Analysing UC President tweets
This problem is solved in Python It is also solved in Java and Python Mapreduce approach(For Mapreduce see TwitterAnalysis_Mapreduce-)
Problewm Statement and approach is explained in PrezAnalysis.docx file
What hour of the day does @PrezOno’s tweet the most on average, using every day we have twitter data? Include a plot of the expected number of tweets for each hour of the day, for those he did tweet. For example if Ono tweeted once every day at 12:30PM, his expected number of tweets between 12 and 1 would be 1. If he alternates between 2 and 3 tweets per day, his average would be 2.5.
What day of the week does @PrezOno tweet the most on average? Use the same example as in #1 but for days of the week.
###Aim: ####Generate an output file using spark that has PrezOno tweet per hour.
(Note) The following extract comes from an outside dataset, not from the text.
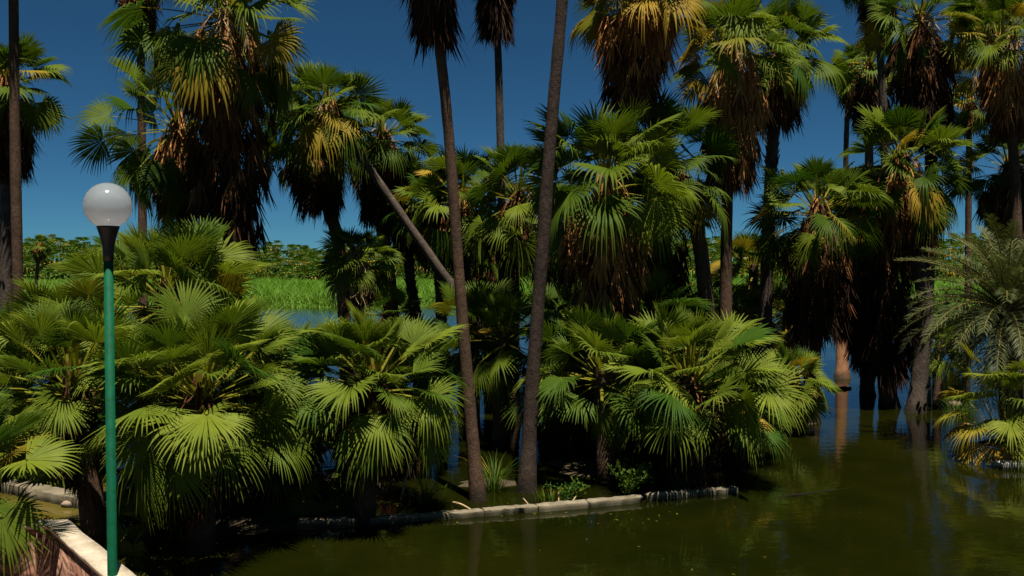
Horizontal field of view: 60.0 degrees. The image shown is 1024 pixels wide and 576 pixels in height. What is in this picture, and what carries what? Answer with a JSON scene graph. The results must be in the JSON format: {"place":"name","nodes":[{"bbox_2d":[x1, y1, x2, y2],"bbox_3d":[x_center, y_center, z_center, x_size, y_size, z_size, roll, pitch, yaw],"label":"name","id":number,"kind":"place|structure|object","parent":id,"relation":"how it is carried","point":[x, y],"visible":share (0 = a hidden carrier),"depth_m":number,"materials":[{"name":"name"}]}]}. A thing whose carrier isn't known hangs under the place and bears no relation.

Use data from this output file to plot average tweets of Prezono per hour.
Approach:
• Created a RDD by reading input tweets files from HDFS.
• User defined function is passed in to this RDD. This function detects PrezOno tweets And creates another RDD containing date and time he tweeted.(This is done bt using flatmap
• Then count the total number of Days by storing days alone into separate RDD. Total tweets of PrezOno per hour is counted by creating another RDD by using reduceByKey.
• Finally average tweets per hour is calculated by dividing total tweets per hour with number of days. This is stored in separate RDD. This RDD is written into output file
Plot for output data: At 5PM (17:00) on average there are more number of tweets.